Decision Date | 06 September 1983 |
Docket Number | No. 58246,No. 2,58246,2 |
Citation | 675 P.2d 1028 |
Parties | 1983 OK CIV APP 54, 15 Ed. Law Rep. 1318 Clara LUPER, Appellant, v. The BLACK DISPATCH PUBLISHING COMPANY, an Oklahoma corporation; Richard K. Nash; Dr. Johnson W. Sanford; and Dr. Gravelly E. Finley, Appellees |
Court | United States State Court of Criminal Appeals of Oklahoma. Court of Civil Appeals of Oklahoma |
Appeal from the District Court of Oklahoma County; John M. Amick, Trial Judge.
Defamation action by public official/public figure against newspaper, editor, and owner/managers. From sustention of defendants' motion for summary judgment, plaintiff appeals.
REVERSED AND REMANDED.
E. Melvin Porter, Oklahoma City, for appellant.
C. William Threlkeld, Fenton, Fenton, Smith, Reneau & Moon, Woodrow H. McConnell, McConnell & Wall, Oklahoma City, for appellees.

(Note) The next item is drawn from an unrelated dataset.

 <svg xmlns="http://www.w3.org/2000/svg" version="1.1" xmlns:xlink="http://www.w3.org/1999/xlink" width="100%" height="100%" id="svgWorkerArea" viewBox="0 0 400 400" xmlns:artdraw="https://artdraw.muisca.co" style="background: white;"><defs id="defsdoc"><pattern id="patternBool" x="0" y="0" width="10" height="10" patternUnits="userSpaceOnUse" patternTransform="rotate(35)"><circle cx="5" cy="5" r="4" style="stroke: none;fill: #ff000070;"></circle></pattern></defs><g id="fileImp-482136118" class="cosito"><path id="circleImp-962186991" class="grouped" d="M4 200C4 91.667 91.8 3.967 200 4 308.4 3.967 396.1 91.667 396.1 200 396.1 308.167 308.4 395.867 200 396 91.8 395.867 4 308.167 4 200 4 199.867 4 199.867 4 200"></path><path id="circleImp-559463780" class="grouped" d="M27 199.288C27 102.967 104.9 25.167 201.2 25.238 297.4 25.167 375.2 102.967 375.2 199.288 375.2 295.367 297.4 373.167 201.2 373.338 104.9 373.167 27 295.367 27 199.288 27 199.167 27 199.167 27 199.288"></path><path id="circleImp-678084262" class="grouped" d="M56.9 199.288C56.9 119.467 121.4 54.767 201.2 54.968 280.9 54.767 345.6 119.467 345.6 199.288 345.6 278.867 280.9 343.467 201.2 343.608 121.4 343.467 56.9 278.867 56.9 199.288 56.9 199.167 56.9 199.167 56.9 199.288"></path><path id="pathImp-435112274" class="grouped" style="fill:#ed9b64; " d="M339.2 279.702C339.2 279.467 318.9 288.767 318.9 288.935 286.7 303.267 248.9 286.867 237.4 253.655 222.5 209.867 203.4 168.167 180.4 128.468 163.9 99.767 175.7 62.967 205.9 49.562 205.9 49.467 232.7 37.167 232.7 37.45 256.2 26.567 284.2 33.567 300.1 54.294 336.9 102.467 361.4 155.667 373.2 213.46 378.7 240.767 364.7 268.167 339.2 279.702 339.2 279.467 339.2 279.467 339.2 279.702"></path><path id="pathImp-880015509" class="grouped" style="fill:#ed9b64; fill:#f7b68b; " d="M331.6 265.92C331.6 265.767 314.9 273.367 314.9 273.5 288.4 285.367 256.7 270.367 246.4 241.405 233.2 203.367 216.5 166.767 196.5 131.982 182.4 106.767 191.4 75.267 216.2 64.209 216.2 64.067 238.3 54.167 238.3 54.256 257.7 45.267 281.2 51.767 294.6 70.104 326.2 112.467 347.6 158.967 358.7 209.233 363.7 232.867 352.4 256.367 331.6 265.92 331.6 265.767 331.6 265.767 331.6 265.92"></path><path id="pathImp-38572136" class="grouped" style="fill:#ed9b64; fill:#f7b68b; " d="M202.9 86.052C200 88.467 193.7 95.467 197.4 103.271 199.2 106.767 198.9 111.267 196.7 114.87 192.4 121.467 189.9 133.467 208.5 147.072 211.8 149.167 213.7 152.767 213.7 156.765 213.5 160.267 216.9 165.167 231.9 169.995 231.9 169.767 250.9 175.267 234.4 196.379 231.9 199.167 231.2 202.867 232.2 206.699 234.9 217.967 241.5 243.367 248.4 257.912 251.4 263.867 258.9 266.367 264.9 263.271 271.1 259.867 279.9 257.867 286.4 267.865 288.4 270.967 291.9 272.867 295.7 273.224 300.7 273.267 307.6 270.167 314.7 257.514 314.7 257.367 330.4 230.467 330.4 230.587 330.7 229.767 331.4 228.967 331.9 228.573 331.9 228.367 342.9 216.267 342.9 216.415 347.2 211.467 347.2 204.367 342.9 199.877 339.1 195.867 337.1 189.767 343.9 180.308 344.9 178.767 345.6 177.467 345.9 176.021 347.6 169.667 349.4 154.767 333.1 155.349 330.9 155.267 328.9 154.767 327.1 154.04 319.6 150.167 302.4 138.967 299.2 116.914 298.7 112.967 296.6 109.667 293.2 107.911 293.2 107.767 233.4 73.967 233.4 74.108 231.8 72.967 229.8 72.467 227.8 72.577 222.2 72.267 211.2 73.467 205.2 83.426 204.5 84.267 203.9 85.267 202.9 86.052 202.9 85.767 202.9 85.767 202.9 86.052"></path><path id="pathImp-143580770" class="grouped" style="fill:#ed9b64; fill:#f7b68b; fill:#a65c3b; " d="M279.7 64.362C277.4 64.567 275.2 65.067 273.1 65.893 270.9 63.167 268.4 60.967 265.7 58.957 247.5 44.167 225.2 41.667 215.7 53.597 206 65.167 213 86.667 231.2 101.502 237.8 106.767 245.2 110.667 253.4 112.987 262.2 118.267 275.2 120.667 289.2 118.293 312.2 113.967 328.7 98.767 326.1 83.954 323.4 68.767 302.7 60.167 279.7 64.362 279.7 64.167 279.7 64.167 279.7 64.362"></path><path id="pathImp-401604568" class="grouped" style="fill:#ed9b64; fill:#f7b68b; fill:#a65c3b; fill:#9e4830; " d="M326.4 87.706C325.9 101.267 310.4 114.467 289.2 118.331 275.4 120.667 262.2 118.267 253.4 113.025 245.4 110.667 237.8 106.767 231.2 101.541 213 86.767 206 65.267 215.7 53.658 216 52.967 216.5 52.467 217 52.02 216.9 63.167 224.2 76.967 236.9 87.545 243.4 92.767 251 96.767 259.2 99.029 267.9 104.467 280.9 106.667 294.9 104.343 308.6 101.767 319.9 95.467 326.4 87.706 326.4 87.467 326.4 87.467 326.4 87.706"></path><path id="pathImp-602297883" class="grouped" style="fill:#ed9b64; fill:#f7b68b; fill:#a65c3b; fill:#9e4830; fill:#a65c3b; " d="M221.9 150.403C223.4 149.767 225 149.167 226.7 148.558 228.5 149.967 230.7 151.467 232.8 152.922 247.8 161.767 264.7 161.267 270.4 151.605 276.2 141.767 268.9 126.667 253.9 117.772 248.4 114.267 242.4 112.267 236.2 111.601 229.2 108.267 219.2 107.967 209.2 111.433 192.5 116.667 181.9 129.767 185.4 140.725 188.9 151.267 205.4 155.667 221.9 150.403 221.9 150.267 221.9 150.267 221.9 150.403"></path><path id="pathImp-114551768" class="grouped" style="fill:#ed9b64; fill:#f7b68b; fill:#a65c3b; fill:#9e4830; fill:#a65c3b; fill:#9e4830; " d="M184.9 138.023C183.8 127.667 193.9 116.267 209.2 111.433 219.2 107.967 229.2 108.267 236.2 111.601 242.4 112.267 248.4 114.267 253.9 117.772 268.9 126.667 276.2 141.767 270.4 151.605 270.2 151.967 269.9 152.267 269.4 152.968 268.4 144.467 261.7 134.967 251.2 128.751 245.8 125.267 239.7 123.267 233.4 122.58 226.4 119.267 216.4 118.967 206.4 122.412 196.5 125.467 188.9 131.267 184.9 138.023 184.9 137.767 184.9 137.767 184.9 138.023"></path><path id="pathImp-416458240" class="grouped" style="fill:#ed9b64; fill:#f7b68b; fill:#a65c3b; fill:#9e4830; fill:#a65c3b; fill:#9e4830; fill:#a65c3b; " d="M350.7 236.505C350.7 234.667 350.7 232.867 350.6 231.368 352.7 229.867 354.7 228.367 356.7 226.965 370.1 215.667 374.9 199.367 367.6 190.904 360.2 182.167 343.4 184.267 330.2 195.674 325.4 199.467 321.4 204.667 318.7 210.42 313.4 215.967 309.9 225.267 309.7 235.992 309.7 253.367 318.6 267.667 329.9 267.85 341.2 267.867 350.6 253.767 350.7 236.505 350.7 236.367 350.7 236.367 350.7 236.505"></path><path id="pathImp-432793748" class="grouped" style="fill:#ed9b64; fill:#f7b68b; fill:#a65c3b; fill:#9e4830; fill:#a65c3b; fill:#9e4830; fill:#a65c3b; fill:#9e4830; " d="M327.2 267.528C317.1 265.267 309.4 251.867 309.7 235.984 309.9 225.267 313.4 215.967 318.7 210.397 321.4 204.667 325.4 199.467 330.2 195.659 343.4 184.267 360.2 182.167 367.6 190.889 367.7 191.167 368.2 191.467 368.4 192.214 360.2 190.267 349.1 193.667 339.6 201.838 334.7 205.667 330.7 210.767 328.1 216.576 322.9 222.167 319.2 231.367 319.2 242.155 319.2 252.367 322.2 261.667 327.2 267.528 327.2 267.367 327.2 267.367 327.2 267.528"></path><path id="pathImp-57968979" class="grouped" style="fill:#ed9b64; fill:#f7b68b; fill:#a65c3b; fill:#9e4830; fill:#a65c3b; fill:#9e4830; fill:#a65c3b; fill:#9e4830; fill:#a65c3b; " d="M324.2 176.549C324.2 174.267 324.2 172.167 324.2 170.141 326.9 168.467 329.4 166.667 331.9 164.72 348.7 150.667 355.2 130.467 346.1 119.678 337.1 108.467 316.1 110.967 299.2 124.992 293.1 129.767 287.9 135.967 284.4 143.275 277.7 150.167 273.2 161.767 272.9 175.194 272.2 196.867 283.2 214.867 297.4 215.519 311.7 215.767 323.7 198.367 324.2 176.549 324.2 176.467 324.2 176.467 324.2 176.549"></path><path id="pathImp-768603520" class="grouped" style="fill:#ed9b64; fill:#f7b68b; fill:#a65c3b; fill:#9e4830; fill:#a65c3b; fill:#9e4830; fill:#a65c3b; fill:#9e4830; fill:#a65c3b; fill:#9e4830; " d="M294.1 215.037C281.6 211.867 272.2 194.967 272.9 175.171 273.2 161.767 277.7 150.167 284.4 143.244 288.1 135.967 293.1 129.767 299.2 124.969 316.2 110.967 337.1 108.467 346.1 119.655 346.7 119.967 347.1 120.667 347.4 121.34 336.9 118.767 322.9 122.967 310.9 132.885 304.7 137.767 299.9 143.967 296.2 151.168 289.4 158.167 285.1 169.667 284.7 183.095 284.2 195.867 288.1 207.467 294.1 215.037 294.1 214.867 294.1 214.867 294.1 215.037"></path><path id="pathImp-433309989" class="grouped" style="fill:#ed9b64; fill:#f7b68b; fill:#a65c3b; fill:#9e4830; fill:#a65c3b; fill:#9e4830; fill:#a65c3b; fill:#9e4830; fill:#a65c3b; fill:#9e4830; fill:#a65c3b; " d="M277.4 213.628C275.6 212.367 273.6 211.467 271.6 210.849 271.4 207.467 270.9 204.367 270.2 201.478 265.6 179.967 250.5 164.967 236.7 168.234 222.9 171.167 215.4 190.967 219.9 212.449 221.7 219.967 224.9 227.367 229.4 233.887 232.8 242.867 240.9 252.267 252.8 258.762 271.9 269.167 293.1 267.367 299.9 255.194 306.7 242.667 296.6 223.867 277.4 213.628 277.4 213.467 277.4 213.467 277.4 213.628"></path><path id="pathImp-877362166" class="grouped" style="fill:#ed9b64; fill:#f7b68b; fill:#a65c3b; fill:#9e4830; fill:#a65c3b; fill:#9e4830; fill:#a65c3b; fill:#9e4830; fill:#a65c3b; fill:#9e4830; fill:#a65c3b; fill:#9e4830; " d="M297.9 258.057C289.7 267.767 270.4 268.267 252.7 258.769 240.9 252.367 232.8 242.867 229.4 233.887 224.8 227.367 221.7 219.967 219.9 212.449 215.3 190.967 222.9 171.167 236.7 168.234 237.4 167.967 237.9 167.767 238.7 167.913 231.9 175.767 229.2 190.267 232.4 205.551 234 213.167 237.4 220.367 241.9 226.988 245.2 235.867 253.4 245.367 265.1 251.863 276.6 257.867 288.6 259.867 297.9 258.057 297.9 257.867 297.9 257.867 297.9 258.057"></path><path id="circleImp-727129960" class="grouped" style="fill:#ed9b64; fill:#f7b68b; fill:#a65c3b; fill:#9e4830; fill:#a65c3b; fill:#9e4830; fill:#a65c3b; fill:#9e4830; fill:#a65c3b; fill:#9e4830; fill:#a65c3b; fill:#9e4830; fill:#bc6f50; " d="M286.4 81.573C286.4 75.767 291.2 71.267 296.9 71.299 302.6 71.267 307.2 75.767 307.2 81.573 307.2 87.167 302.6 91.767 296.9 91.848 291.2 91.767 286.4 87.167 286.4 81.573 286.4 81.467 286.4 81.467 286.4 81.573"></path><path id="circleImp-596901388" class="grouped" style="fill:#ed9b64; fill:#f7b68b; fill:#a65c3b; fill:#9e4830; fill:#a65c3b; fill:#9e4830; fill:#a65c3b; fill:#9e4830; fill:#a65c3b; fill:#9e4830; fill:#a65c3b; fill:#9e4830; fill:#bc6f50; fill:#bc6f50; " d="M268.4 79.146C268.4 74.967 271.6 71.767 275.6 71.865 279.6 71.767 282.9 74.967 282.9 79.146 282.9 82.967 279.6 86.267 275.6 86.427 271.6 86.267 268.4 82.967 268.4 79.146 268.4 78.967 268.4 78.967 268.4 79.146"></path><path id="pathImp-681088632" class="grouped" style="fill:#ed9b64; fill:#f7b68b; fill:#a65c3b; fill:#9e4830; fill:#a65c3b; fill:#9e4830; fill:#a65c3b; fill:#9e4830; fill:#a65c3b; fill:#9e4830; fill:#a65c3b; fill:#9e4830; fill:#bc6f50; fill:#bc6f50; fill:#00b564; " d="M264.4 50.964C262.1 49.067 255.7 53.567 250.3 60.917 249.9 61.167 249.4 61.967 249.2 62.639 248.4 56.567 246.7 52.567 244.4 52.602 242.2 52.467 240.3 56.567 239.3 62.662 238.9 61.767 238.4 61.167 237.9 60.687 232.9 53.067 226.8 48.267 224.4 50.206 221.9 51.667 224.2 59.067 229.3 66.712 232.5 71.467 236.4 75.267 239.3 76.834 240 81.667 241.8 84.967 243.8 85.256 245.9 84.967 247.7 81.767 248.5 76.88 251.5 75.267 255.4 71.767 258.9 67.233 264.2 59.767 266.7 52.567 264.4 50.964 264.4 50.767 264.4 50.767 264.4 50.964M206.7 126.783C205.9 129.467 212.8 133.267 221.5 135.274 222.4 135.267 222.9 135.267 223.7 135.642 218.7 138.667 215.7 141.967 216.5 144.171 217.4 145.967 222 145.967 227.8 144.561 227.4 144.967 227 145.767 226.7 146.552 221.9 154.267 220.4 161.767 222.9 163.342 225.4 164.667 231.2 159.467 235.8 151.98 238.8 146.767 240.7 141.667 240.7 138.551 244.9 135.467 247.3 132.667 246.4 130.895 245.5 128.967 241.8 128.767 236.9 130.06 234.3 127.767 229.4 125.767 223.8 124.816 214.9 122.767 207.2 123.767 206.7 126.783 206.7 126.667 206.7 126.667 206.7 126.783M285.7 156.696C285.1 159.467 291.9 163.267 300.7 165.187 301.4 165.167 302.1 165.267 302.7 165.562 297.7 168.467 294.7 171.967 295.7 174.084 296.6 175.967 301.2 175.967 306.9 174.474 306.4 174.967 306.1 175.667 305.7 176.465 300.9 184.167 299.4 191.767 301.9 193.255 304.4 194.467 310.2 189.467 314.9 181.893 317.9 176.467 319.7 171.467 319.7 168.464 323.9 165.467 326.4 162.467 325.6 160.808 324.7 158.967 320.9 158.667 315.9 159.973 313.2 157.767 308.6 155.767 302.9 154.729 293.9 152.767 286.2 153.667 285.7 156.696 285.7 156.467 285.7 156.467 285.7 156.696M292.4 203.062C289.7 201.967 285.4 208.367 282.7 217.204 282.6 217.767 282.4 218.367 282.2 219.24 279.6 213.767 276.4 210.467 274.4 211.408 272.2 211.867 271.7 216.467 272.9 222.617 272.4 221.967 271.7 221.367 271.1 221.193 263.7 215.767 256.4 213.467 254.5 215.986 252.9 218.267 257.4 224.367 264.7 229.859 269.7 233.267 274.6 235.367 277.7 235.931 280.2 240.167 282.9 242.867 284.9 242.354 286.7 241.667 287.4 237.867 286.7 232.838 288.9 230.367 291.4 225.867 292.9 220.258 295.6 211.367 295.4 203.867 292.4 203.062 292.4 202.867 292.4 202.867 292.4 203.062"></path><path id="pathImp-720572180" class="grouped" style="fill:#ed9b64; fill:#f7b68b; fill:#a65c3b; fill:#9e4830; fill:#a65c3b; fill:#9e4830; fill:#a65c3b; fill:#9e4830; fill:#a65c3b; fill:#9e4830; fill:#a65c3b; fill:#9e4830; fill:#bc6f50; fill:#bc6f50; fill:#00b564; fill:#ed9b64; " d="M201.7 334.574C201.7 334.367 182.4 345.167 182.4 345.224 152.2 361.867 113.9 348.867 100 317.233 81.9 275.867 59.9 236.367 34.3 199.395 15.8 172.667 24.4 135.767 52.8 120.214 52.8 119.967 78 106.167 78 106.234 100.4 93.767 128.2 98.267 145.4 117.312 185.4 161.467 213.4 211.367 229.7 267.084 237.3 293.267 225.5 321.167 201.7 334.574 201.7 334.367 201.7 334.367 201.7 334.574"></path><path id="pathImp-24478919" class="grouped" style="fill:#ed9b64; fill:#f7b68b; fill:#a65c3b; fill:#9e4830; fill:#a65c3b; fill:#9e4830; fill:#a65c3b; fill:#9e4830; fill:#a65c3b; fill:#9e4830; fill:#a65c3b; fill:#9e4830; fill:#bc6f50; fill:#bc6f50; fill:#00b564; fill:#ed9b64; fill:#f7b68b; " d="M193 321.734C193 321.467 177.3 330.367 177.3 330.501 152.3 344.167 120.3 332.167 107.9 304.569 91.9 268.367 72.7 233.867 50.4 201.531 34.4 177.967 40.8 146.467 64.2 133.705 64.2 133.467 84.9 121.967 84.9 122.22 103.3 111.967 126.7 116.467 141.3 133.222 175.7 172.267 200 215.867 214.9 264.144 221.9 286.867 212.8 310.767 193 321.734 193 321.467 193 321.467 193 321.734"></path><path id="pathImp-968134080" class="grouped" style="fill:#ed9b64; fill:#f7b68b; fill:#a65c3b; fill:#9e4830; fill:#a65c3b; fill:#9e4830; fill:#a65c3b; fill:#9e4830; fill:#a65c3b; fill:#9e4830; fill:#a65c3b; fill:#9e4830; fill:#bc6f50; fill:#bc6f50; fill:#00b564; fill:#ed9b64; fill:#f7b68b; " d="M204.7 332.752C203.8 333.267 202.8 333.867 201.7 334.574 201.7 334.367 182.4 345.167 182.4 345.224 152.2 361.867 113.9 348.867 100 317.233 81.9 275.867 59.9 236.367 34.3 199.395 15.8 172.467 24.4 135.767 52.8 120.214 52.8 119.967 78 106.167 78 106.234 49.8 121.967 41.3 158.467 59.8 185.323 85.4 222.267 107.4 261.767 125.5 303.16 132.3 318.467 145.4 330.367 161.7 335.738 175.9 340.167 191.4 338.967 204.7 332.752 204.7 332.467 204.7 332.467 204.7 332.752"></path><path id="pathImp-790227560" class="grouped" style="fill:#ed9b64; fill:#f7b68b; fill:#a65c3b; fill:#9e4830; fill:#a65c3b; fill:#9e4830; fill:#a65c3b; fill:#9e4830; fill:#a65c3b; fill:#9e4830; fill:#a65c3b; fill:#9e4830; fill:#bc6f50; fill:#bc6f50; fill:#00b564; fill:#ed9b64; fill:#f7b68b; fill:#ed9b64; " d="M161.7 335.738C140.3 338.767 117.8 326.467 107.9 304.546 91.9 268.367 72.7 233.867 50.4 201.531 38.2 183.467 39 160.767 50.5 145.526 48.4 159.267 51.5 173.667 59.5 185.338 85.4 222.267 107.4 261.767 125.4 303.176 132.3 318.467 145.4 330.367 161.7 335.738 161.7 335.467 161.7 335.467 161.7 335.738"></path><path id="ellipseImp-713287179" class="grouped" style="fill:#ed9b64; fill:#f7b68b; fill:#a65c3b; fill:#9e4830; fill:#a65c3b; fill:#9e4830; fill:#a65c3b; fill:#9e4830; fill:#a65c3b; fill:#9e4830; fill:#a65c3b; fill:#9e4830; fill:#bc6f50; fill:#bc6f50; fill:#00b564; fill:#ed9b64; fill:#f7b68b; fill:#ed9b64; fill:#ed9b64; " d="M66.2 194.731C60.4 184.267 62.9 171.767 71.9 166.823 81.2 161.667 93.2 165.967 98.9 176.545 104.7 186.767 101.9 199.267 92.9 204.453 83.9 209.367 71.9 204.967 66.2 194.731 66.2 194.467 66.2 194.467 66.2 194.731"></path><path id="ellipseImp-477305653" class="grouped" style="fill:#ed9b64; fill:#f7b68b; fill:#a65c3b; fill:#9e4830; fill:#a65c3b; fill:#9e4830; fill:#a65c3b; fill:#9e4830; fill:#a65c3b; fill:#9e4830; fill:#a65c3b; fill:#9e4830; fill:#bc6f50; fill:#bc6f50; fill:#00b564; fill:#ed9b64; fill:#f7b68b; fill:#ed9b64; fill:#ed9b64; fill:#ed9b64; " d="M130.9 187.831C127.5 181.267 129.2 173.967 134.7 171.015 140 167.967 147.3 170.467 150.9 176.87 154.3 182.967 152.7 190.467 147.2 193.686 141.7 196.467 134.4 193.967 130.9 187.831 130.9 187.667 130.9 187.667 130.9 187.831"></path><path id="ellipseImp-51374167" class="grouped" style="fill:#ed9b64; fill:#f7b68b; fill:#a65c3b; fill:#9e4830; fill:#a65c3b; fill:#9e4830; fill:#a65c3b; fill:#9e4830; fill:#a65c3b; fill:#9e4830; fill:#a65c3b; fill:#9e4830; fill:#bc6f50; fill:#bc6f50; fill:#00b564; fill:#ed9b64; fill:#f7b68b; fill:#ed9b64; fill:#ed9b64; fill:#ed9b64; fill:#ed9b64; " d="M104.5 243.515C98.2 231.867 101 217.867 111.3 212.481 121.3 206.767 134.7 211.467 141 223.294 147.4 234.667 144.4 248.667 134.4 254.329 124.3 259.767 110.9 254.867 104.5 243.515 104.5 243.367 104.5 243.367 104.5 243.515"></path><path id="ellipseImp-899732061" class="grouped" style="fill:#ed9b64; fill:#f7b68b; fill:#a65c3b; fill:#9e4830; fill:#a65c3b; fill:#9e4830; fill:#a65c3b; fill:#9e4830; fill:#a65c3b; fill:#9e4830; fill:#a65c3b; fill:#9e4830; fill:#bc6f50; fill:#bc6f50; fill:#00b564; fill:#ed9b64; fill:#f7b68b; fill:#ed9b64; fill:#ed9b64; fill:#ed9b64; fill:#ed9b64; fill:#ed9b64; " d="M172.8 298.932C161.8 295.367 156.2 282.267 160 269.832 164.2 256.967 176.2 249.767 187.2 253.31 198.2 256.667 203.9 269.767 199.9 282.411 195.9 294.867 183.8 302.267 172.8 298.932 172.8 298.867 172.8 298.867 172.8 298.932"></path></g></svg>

Plaintiff Clara Luper brought this libel action against Defendant newspaper company, The Black Dispatch Publishing Company, Richard K. Nash (Editor), and Drs. Johnson W. Sanford and Gravelly E. Finley board members, officers, and owners of the paper (Owners) for publishing two allegedly libelous news articles. Plaintiff appeals trial court's granting of summary judgment in favor of Defendants.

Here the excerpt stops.